YOUR GOAL: Skip the images and repeat every entry word for word.

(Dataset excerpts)
——
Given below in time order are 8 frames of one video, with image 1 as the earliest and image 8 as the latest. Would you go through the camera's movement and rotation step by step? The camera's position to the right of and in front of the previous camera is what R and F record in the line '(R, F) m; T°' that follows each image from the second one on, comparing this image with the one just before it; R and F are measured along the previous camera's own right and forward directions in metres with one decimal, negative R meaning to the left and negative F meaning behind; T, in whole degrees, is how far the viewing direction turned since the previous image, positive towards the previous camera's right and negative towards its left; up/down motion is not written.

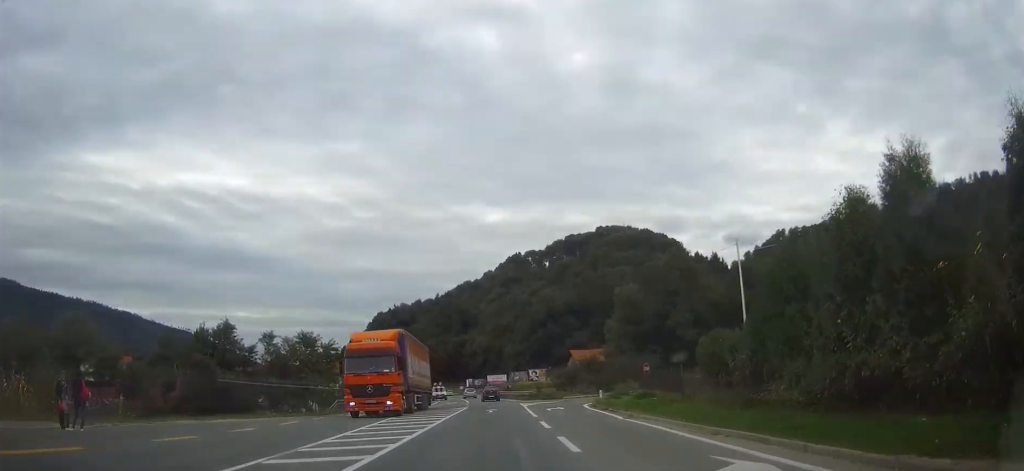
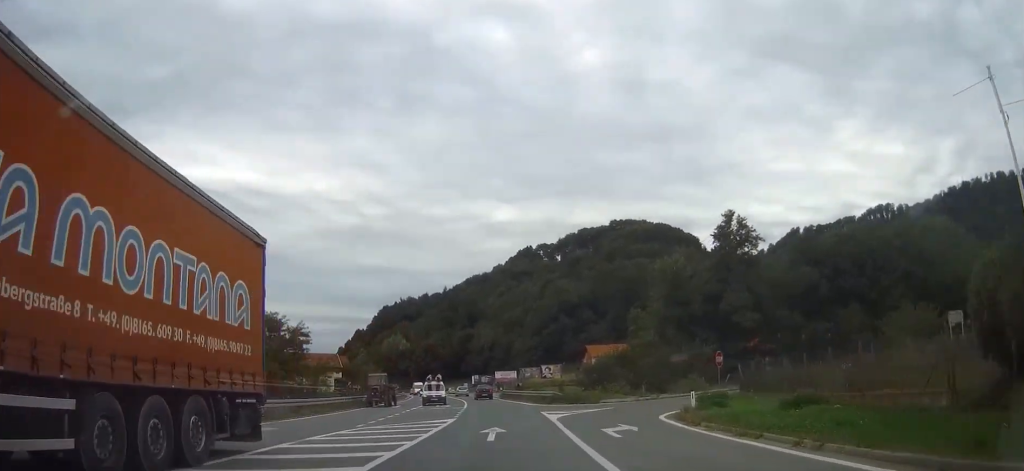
(-0.1, +17.7) m; 0°
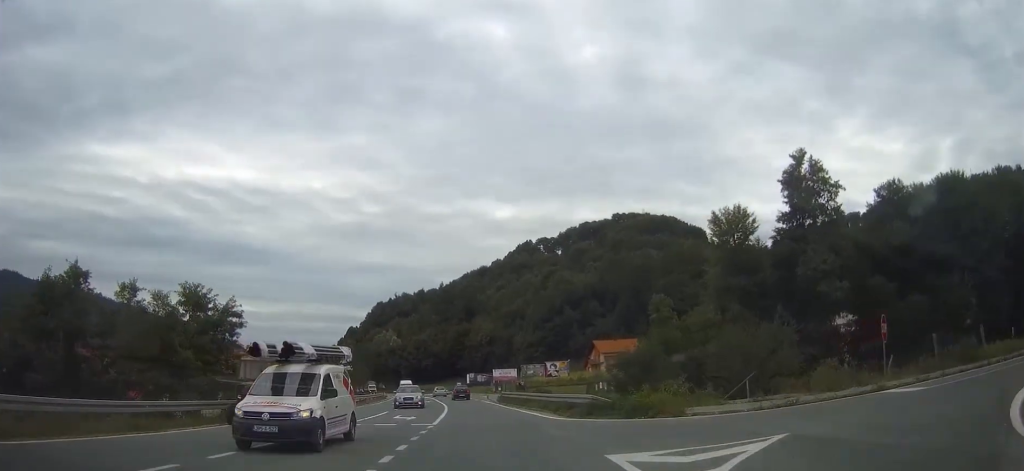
(0.0, +18.8) m; 0°
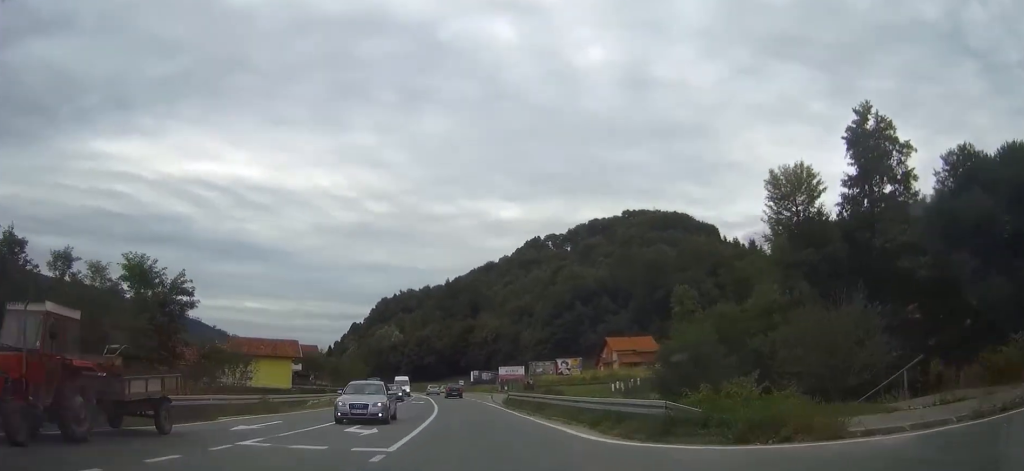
(+0.1, +10.2) m; 0°
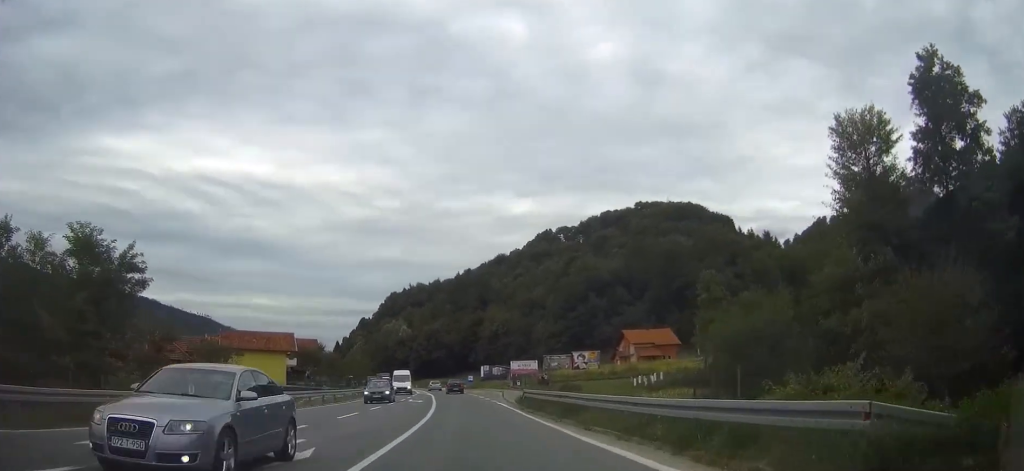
(-0.1, +8.0) m; -1°
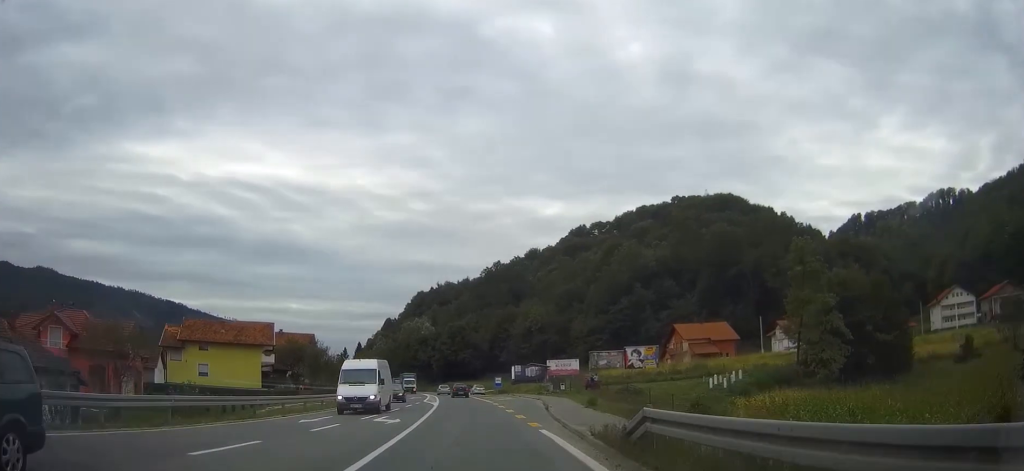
(-0.4, +21.1) m; -3°
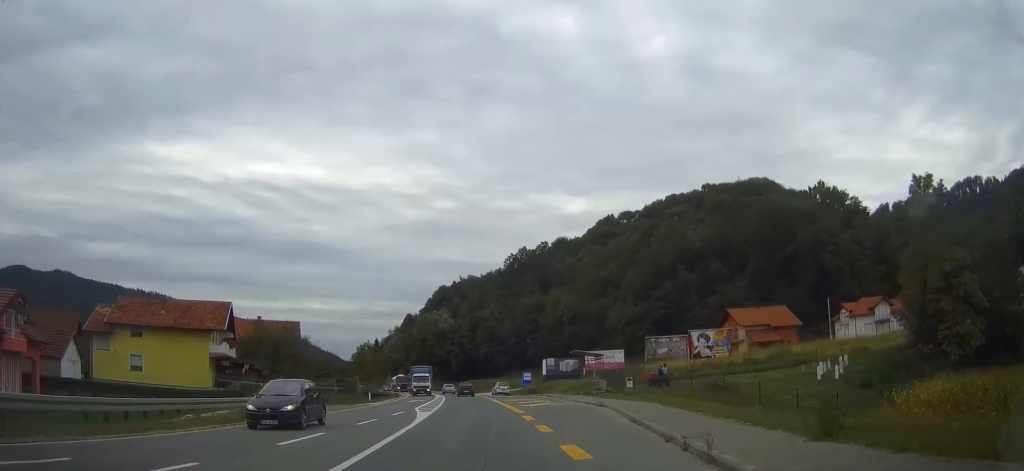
(-0.4, +19.5) m; -2°
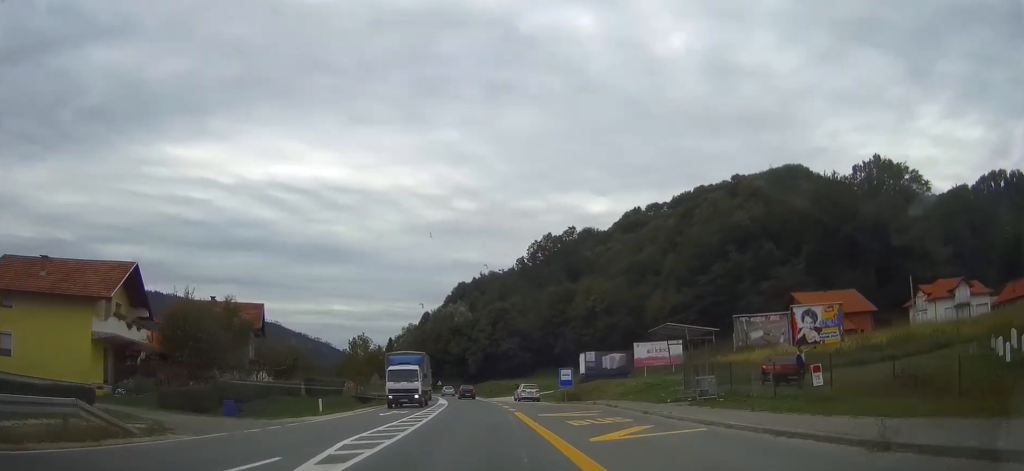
(-0.2, +20.2) m; -2°
——
OUTPUT FOR THIS EXERCISE:
Given below in time order are 8 frames of one video, with image 1 as the earliest and image 8 as the latest. Would you go through the camera's movement and rotation step by step? The camera's position to the right of and in front of the previous camera is what R and F record in the line '(R, F) m; T°' that follows each image from the second one on, comparing this image with the one just before it; R and F are measured along the previous camera's own right and forward directions in metres with one decimal, negative R meaning to the left and negative F meaning behind; T, in whole degrees, is how far the viewing direction turned since the previous image, positive towards the previous camera's right and negative towards its left; up/down motion is not written.

(-0.1, +17.7) m; 0°
(0.0, +18.8) m; 0°
(+0.1, +10.2) m; 0°
(-0.1, +8.0) m; -1°
(-0.4, +21.1) m; -3°
(-0.4, +19.5) m; -2°
(-0.2, +20.2) m; -2°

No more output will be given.